# A few more tools in the Social Groups



## Ikaika

It would be nice to have a few added features in the Social Groups. 

When clicking on threads created you have to first go to page one then scroll down to move to the last page read. Probably not a big deal, but just a matter of convenience.

Wondering if we could have a "like" clickable icon for us like junkies 

It would be very helpful to have a "Quote" function. 

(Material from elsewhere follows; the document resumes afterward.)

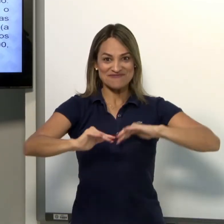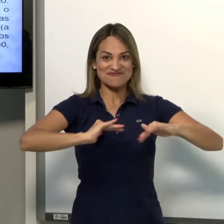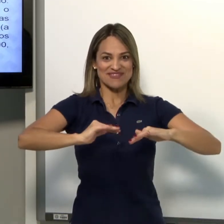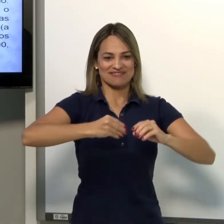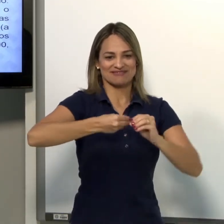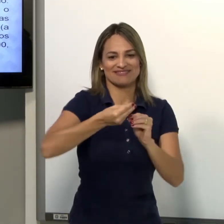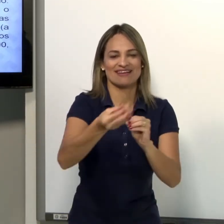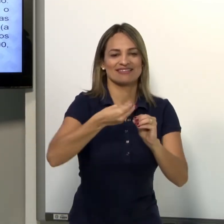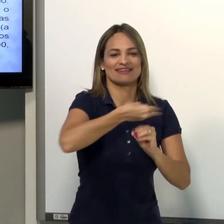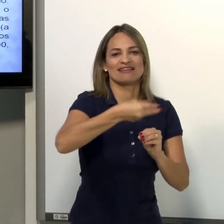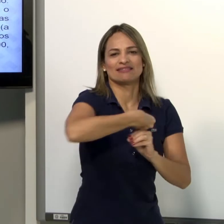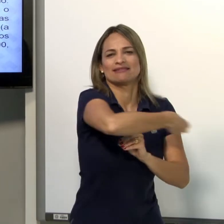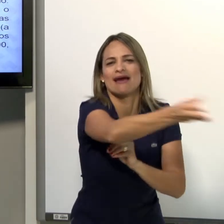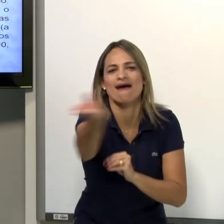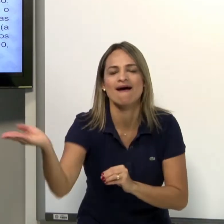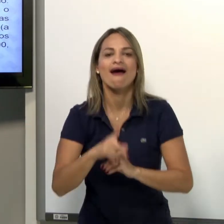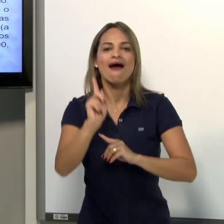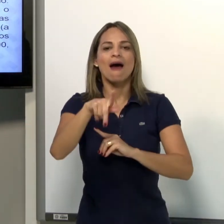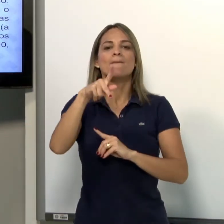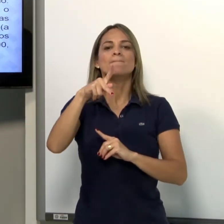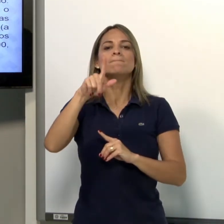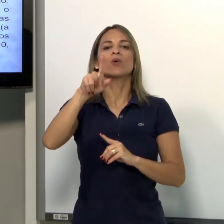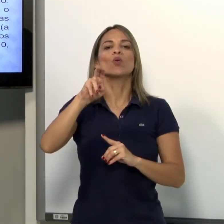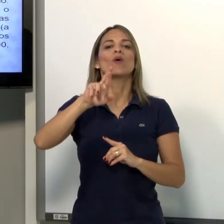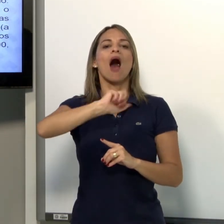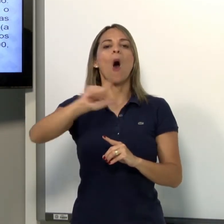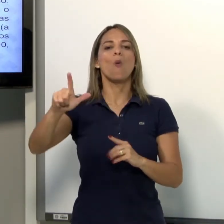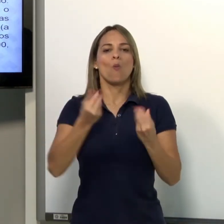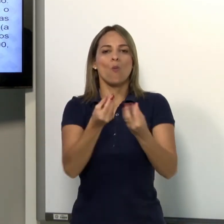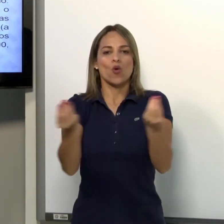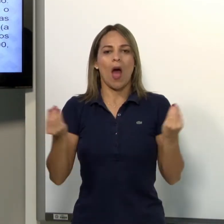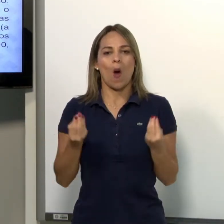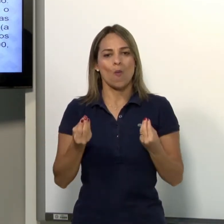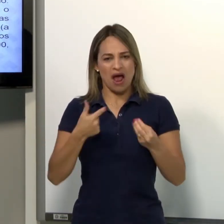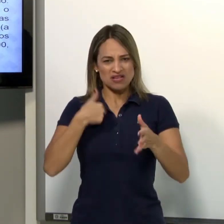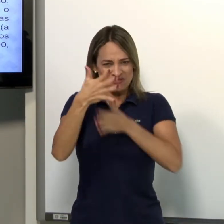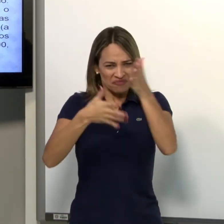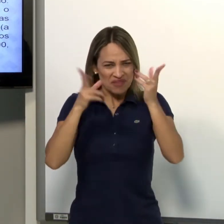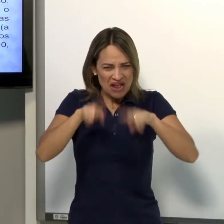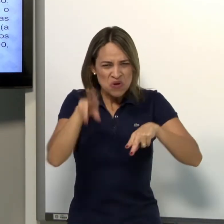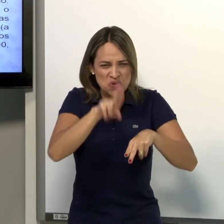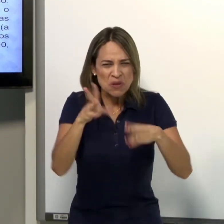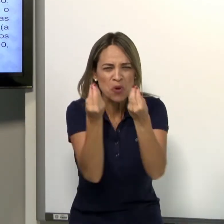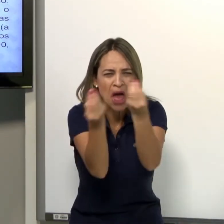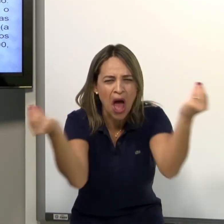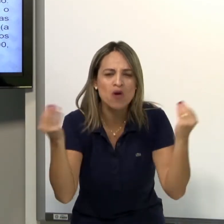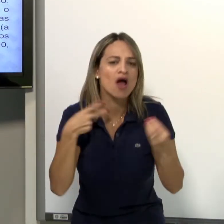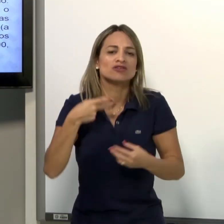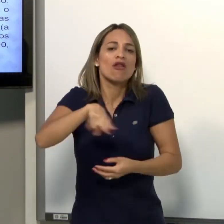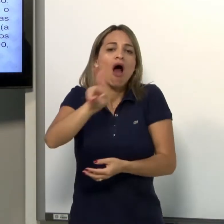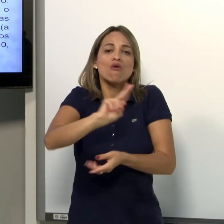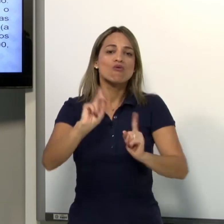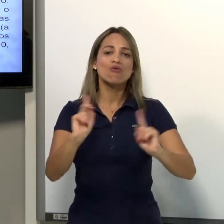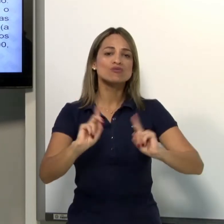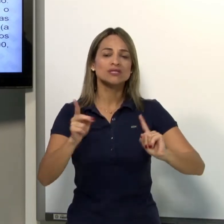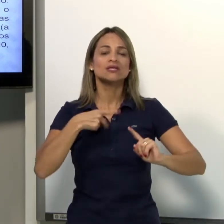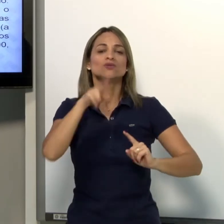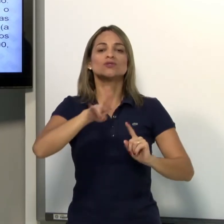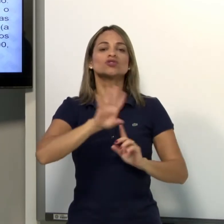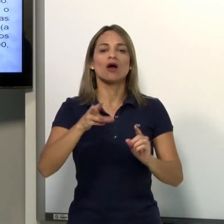várias pessoas. Então, é o plural. O plural já está definido. Eu preciso falar que é plural? Não. Eu uso

Finally would be nice to be able to access social groups from Tapatalk app

I know this is just an added features (Social Groups) for TAM, but would be nice to be able to view it in similar fashion to the TAM "central" forums.


----------



## Anon Pink

drerio said:


> It would be nice to have a few added features in the Social Groups.
> 
> When clicking on threads created you have to first go to page one then scroll down to move to the last page read. Probably not a big deal, but just a matter of convenience.
> 
> Wondering if we could have a "like" clickable icon for us like junkies
> 
> It would be very helpful to have a "Quote" function.
> 
> Finally would be nice to be able to access social groups from Tapatalk app
> 
> I know this is just an added features (Social Groups) for TAM, but would be nice to be able to view it in similar fashion to the TAM "central" forums.


In social groups, if the thread has a new post there is a little box to the left of the thread title. If you click on that box the thread advances to the last page.

I second the request for quote function and like function!!!! It is such a pain to copy, paste, and key in some sort of identifying feature to show the text is a quote from another poster!!!!!


----------



## Hope1964

Oh. I thought this was about some of the recent new members. I was thinking, "No Drerio, this is gonna get you banned!" Carry on then


----------



## Ikaika

Hope1964 said:


> Oh. I thought this was about some of the recent new members. I was thinking, "No Drerio, this is gonna get you banned!" Carry on then



You'll have to forgive my use of language, I'm still an old guy trying the figure this internet thing out . Anyway, I'm pretty sure there is long list of members that would like to see me banned.


----------



## happy as a clam

Hope1964 said:


> Oh. I thought this was about some of the recent new members. I was thinking, "No Drerio, this is gonna get you banned!" Carry on then


A few more "tools" in the Social Groups...

:rofl: :lol:


----------



## Jellybeans

drerio said:


> You'll have to forgive my use of language, I'm still an old guy trying the figure this internet thing out .




You're funny, Dre.


----------



## Ikaika

Jellybeans said:


> You're funny, Dre.


----------



## Jellybeans

What's funny is that I feel like I can relate to this.

:rofl:










I really am an old person trapped inside this body.


----------



## Pleaser44

I'm new and all the acronyms are confusing me  doesn't take much hu? lol. . . . is there a glossary?


----------



## Amplexor

Pleaser44 said:


> I'm new and all the acronyms are confusing me  doesn't take much hu? lol. . . . is there a glossary?


http://talkaboutmarriage.com/forum-guidelines/464-common-message-board-abbreviations-acronyms.html


----------